◆ Extracted records ◆
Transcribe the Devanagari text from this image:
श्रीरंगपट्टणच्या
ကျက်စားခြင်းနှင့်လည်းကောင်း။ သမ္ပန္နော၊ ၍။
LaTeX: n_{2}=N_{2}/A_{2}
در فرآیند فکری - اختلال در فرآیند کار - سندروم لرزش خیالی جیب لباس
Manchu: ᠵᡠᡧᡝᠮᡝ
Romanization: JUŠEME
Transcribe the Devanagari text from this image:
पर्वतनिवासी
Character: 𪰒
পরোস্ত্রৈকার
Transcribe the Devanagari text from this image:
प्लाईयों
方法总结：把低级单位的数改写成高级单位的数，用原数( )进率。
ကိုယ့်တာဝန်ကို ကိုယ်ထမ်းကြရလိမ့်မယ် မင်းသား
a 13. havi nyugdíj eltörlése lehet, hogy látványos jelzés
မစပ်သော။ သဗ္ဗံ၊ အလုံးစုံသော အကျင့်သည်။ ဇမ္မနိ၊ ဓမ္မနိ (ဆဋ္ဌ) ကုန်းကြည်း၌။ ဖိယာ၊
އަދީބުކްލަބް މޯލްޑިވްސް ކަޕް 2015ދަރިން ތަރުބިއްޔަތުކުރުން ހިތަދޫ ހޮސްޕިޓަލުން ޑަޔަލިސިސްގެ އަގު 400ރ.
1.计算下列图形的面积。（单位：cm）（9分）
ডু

◆ Exercise description ◆
After the last line of the data, restate all the entries verbatim.

◆ Expected answer ◆
Transcribe the Devanagari text from this image:
श्रीरंगपट्टणच्या
ကျက်စားခြင်းနှင့်လည်းကောင်း။ သမ္ပန္နော၊ ၍။
LaTeX: n_{2}=N_{2}/A_{2}
در فرآیند فکری - اختلال در فرآیند کار - سندروم لرزش خیالی جیب لباس
Manchu: ᠵᡠᡧᡝᠮᡝ
Romanization: JUŠEME
Transcribe the Devanagari text from this image:
पर्वतनिवासी
Character: 𪰒
পরোস্ত্রৈকার
Transcribe the Devanagari text from this image:
प्लाईयों
方法总结：把低级单位的数改写成高级单位的数，用原数( )进率。
ကိုယ့်တာဝန်ကို ကိုယ်ထမ်းကြရလိမ့်မယ် မင်းသား
a 13. havi nyugdíj eltörlése lehet, hogy látványos jelzés
မစပ်သော။ သဗ္ဗံ၊ အလုံးစုံသော အကျင့်သည်။ ဇမ္မနိ၊ ဓမ္မနိ (ဆဋ္ဌ) ကုန်းကြည်း၌။ ဖိယာ၊
އަދީބުކްލަބް މޯލްޑިވްސް ކަޕް 2015ދަރިން ތަރުބިއްޔަތުކުރުން ހިތަދޫ ހޮސްޕިޓަލުން ޑަޔަލިސިސްގެ އަގު 400ރ.
1.计算下列图形的面积。（单位：cm）（9分）
ডু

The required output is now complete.